# Recommendation for online design tool for screen printing



## mfreund (Sep 12, 2005)

Hi


I have been in the screen printing industry for many years.....and am also a pretty skilled website designer but i do not do flash,flex or actionscript....probably should learn seeing all these requests  Anyway I know about all of the solutions for online designer but am a bit stuck.....I would like worksthat works with screen printing...Most of them just send you a high resolution file.....With screen printing i would like it to send a color separated pdf.....I heard this can be done......Does ANYONE know of a reputable company at all? That is not a MONTHLY FEE....Most of them are too expensive.

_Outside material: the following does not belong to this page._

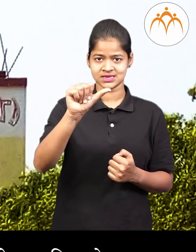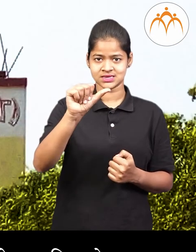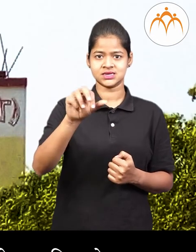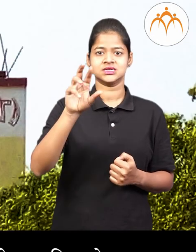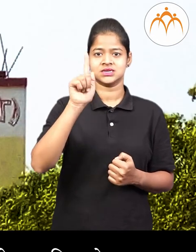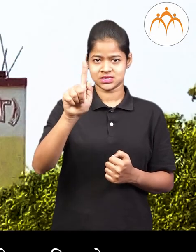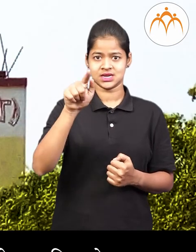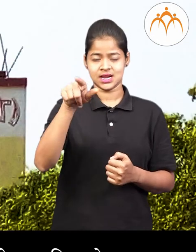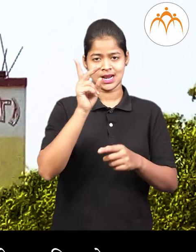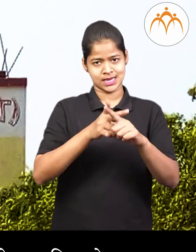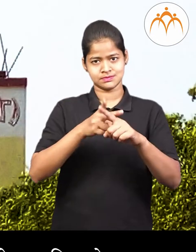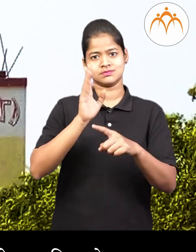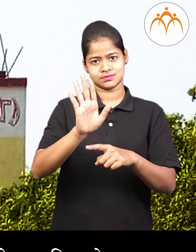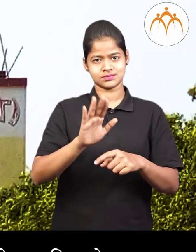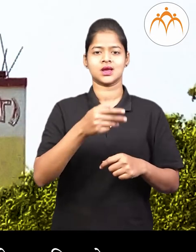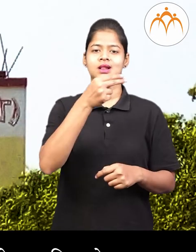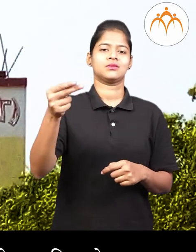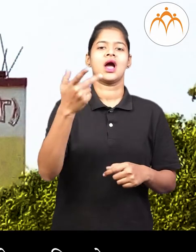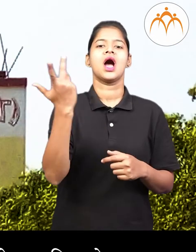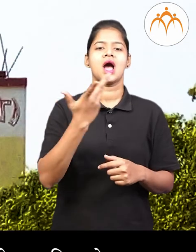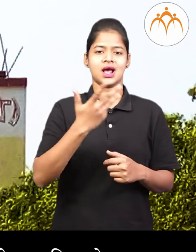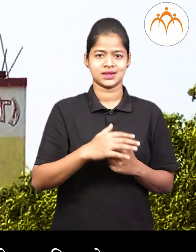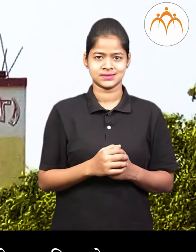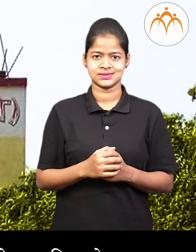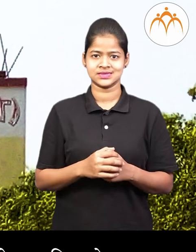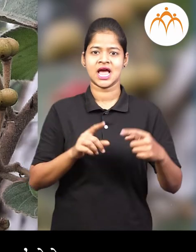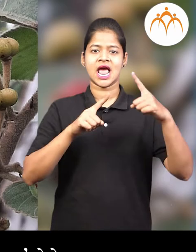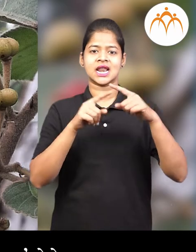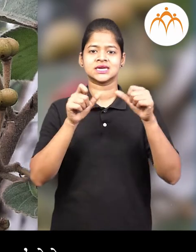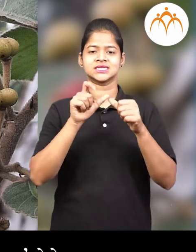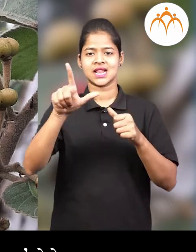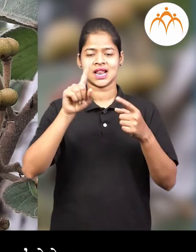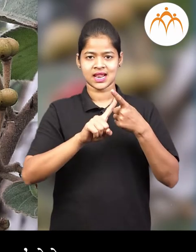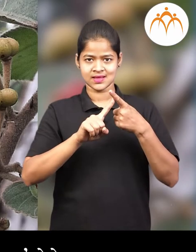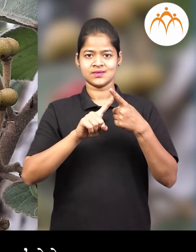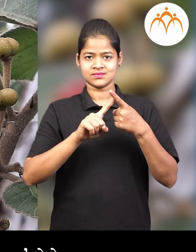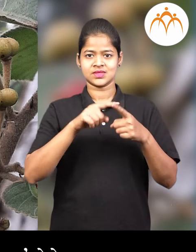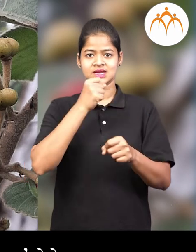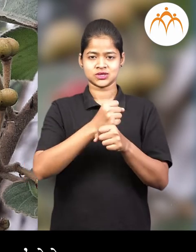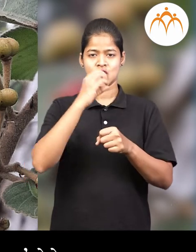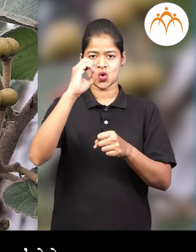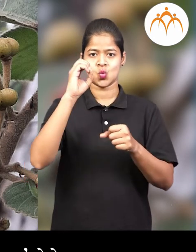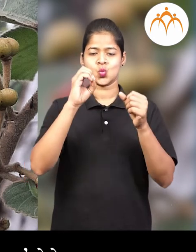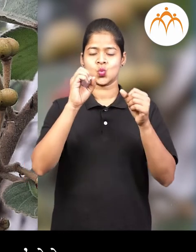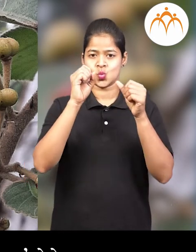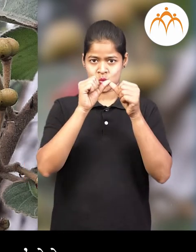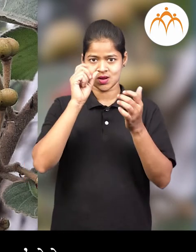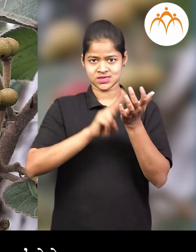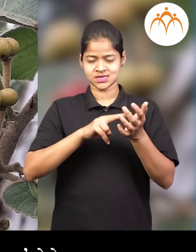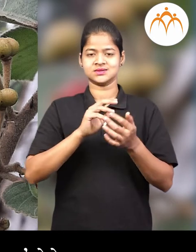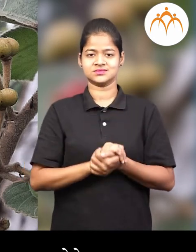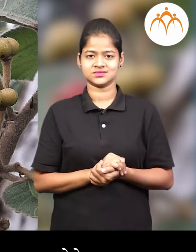गावाला तले गाव असे नाव मिलाले नगर जिल्यात धामन गाव पाट

I have been trying for about 7 years or so to get this going and have not had much luck at all......Just one scammer after another.....Luckily I catch on before any problems arise....Anyway any input would be appreciated....
I would really like something i can install on our servers



Don


----------



## Riderz Ready (Sep 18, 2008)

I was in application software for 20 years before getting into custom apparel and as you probably already know there are not hundreds but thousands of man hours of development time behind on-line design tools like Inksoft, RSK, etc. Add to that the number of man hours dedicated to these system each month to keep up to date and you have a pricing model that would not allow anyone but the very large corporations to have access to such tools. That is why monthly models have become so popular - people simply can not afford the dollars to outright purchase. I get a chuckle from the posts claiming people can design these for $3-5K. For those I suggest just sending me your money - that way it will at least go to good use versus flushing it down the toilet on a custom project that will never come to life.

For us the question is not how much it cost but how much revenue can it generate.


----------



## altteam (Jun 2, 2011)

May be you should check Melco Embriodary with their LiveDesigner eCommerce Solution. Guess the price is high but Melco company must be professional in screen printing.


----------